The embodiment provides a device slot identification method, which can be applied to electronic devices such as a server and terminal equipment. The electronic equipment can be used for installing the expansion equipment required by a user through the expansion slot, and the installed expansion equipment can be mounted on an expansion port of the electronic equipment. The positions of the expansion devices need to be known during maintenance and assembly of the electronic devices, so that the identification of the device slots of the server is needed. The expansion port may be a PCIe (PERIPHERAL COMPONENT INTERCONNECT EXPRESS ) port. Correspondingly, the expansion slot may be a PCIe slot (PCIe expansion slot), and the expansion device mounted through the PCIe slot may be a PCIe expansion device (for example, a network card or the like may be referred to as a PCIe peripheral), and for other types of expansion ports, expansion slots, and expansion devices, the device slot identification method in this embodiment is also applicable. The expansion port may be an expansion port of a processing unit of the electronic device, for example, an expansion port of a CPU (Central Processing Unit ), or an expansion port of another processing unit (for example, a micro control unit), which is not limited in this embodiment.
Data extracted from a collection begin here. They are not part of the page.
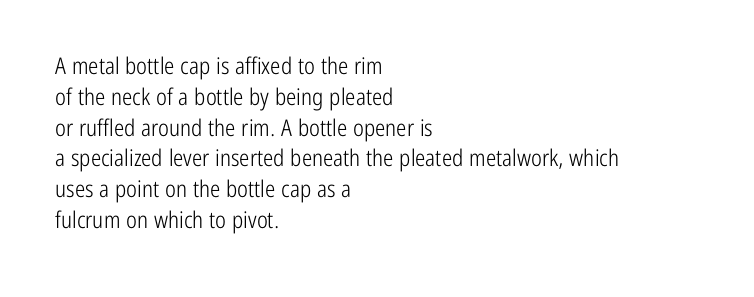
Q: Is the text bold? A: No.
Q: Is the text italic (slanted)? A: No, it is upright.
Q: Is the text underlined? A: No.
Q: How is the paragraph aligned? A: Left-aligned.
Q: Is the spacing between letters normal or unusually wide? A: Normal.
Q: Is the spacing between lines tight, normal or loose? A: Normal.
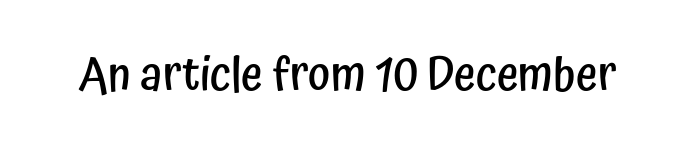
The image shows 47 px semibold, condensed sans-serif type, upright; set normal letter spacing, not underlined; low stroke contrast and a medium x-height.
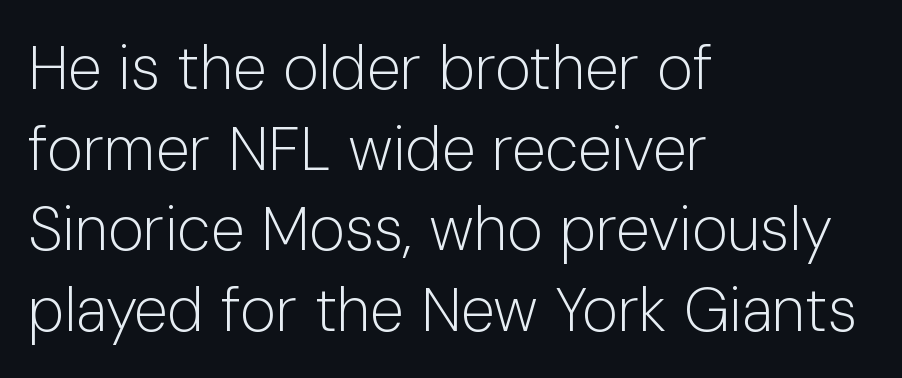
The image shows 61 px light sans-serif type, upright; set left-aligned, normal line spacing (1.32x), normal letter spacing, not underlined; low stroke contrast and a medium x-height.
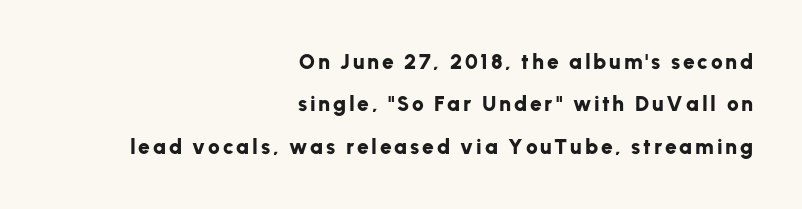
Q: Is the text bold? A: Yes.
Q: Is the text italic (slanted)? A: No, it is upright.
Q: Is the text underlined? A: No.
Q: How is the paragraph aligned? A: Right-aligned.
Q: Is the spacing between lines tight, normal or loose? A: Loose.
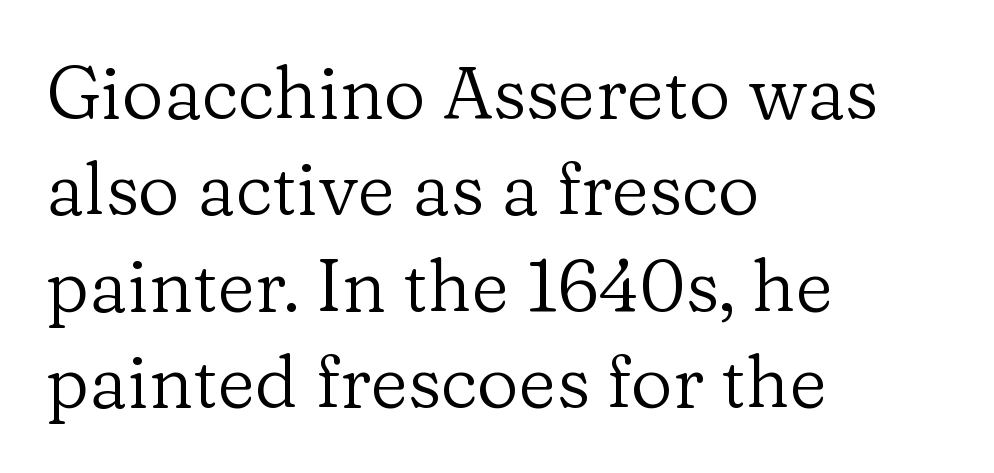
{"serif": "yes", "italic": "no", "bold": "no", "weight": "regular", "width": "normal", "stroke_contrast": "low", "x_height": "medium", "monospaced": "no", "underline": "no", "align": "left", "line_spacing": "normal", "line_spacing_ratio": 1.32, "letter_spacing": "normal", "letter_spacing_em": 0.0, "glyph_px": 73}
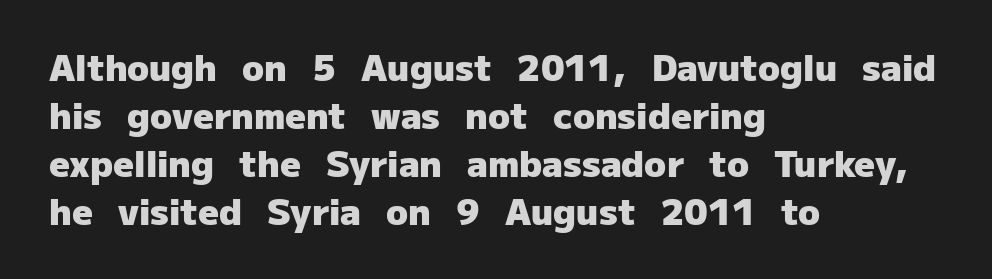
Q: Is the text bold? A: Yes.
Q: Is the text italic (slanted)? A: No, it is upright.
Q: Is the typeface a serif or a sans-serif typeface? A: Sans-serif.
Q: Is the text underlined? A: No.
Q: How is the paragraph aligned? A: Left-aligned.
Q: Is the spacing between letters normal or unusually wide? A: Normal.
Q: Is the spacing between lines tight, normal or loose? A: Normal.
Q: Width (condensed, normal, or wide)? A: Normal.
Q: Stroke contrast? A: Low.
Q: x-height? A: Medium.
Q: Monospaced? A: No.
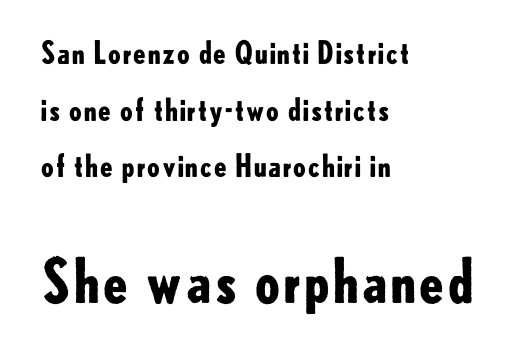
{"serif": "no", "italic": "no", "bold": "yes", "weight": "bold", "width": "normal", "stroke_contrast": "low", "x_height": "small", "monospaced": "no", "underline": "no", "align": "left", "line_spacing_ratio": 1.89, "letter_spacing": "normal", "letter_spacing_em": 0.0, "larger_block": "second", "size_ratio": 1.97, "glyph_px": 59}
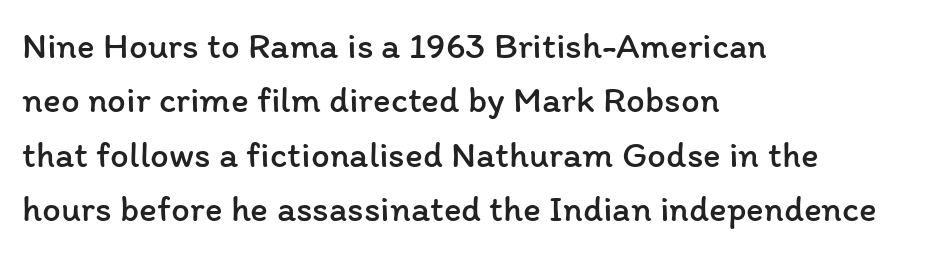
Do the characters align in a grid? No, the font is proportional. Quick note: not italic, upright. Leading matches the norm, producing a regular column. This rendering leaves character spacing at its baseline value. Vertical stems look standard width or narrower in stroke.
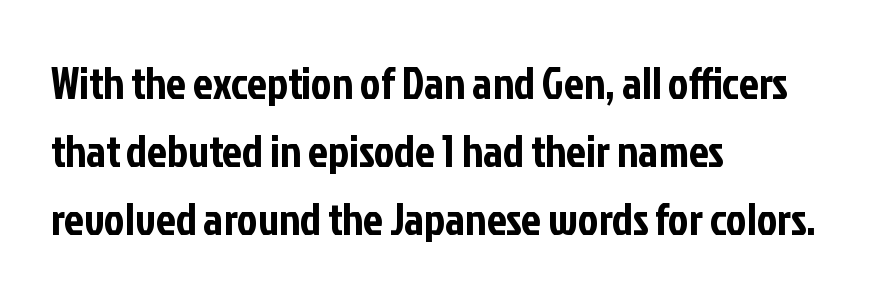
Q: Is the text italic (slanted)? A: No, it is upright.
Q: Is the typeface a serif or a sans-serif typeface? A: Sans-serif.
Q: Is the text underlined? A: No.
Q: How is the paragraph aligned? A: Left-aligned.
Q: Is the spacing between letters normal or unusually wide? A: Normal.
Q: Is the spacing between lines tight, normal or loose? A: Normal.
Q: Width (condensed, normal, or wide)? A: Condensed.
Q: Stroke contrast? A: Low.
Q: x-height? A: Medium.
Q: Monospaced? A: No.
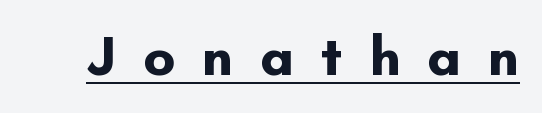
These lines carry a lot of weight — the face is fully bold. The rendered words wear a rule along their underside. The face used here is proportionally spaced, like ordinary book or web type. The font family rendered here belongs to the sans-serif group.
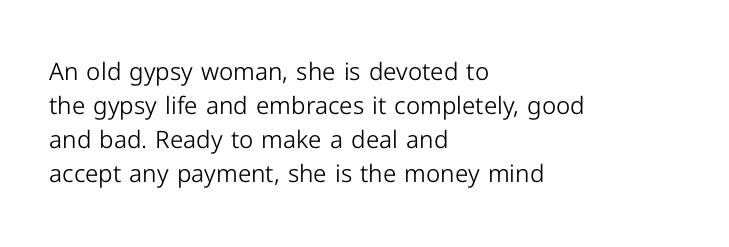
{"italic": "no", "bold": "no", "underline": "no", "align": "left", "line_spacing": "normal", "line_spacing_ratio": 1.42, "letter_spacing": "normal", "letter_spacing_em": 0.0, "glyph_px": 24}
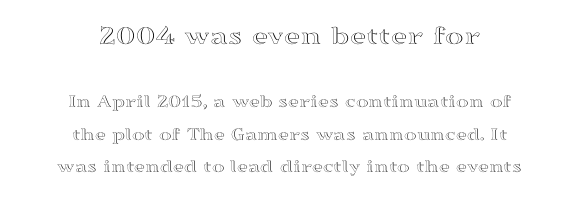
The image shows 28 px wide type, upright; set centered, line spacing 1.71x, normal letter spacing, not underlined; the first (top) block is 1.47x larger; a medium x-height.
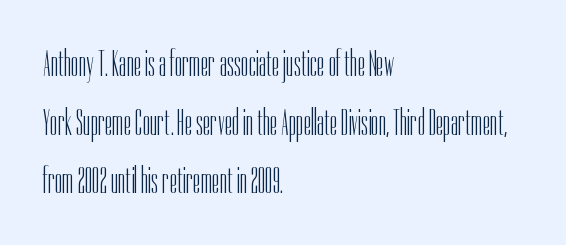
Q: Is the text bold? A: No.
Q: Is the text italic (slanted)? A: No, it is upright.
Q: Is the typeface a serif or a sans-serif typeface? A: Sans-serif.
Q: Is the text underlined? A: No.
Q: How is the paragraph aligned? A: Left-aligned.
Q: Is the spacing between letters normal or unusually wide? A: Normal.
Q: Is the spacing between lines tight, normal or loose? A: Normal.
Q: Width (condensed, normal, or wide)? A: Condensed.
Q: Stroke contrast? A: Low.
Q: x-height? A: Medium.
Q: Monospaced? A: No.
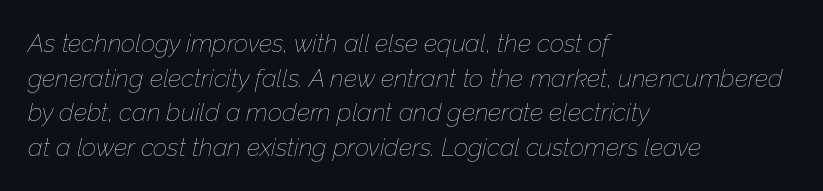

With the development of the internet industry and the large-scale application of cloud computing and big data technology, the demand of servers is greatly increased. The scalability of a server is an important technical index of the server. The extensible peripherals of the current server mainly comprise a hard disk and PCIe devices. Wherein various expansion cards conforming to the PCIe standard add a variety of features to the server. Typically, the server will have many PCIe slots for installing PCIe expansion devices required by the user. The identification of PCIe device slots is an important requirement in server operation and maintenance and reconfiguration (configuration modification) of the server because the locations where these PCIe devices are located need to be known.

For example, as shown in fig. 2, a server has 6 PCIe slots, that is, PCIe1 to PCIe6 (that is, PCIe slots 1 to PCIe slots 6), and 6 PCIe standard network cards may be installed. When a certain network card fails, the network card needs to be known to be installed on which PCIe slot position so as to be convenient for operation and maintenance personnel to maintain and replace. Thus, there is a need for a management system of a server that can identify the PCIe slots on the server to which each PCIe expansion device is installed.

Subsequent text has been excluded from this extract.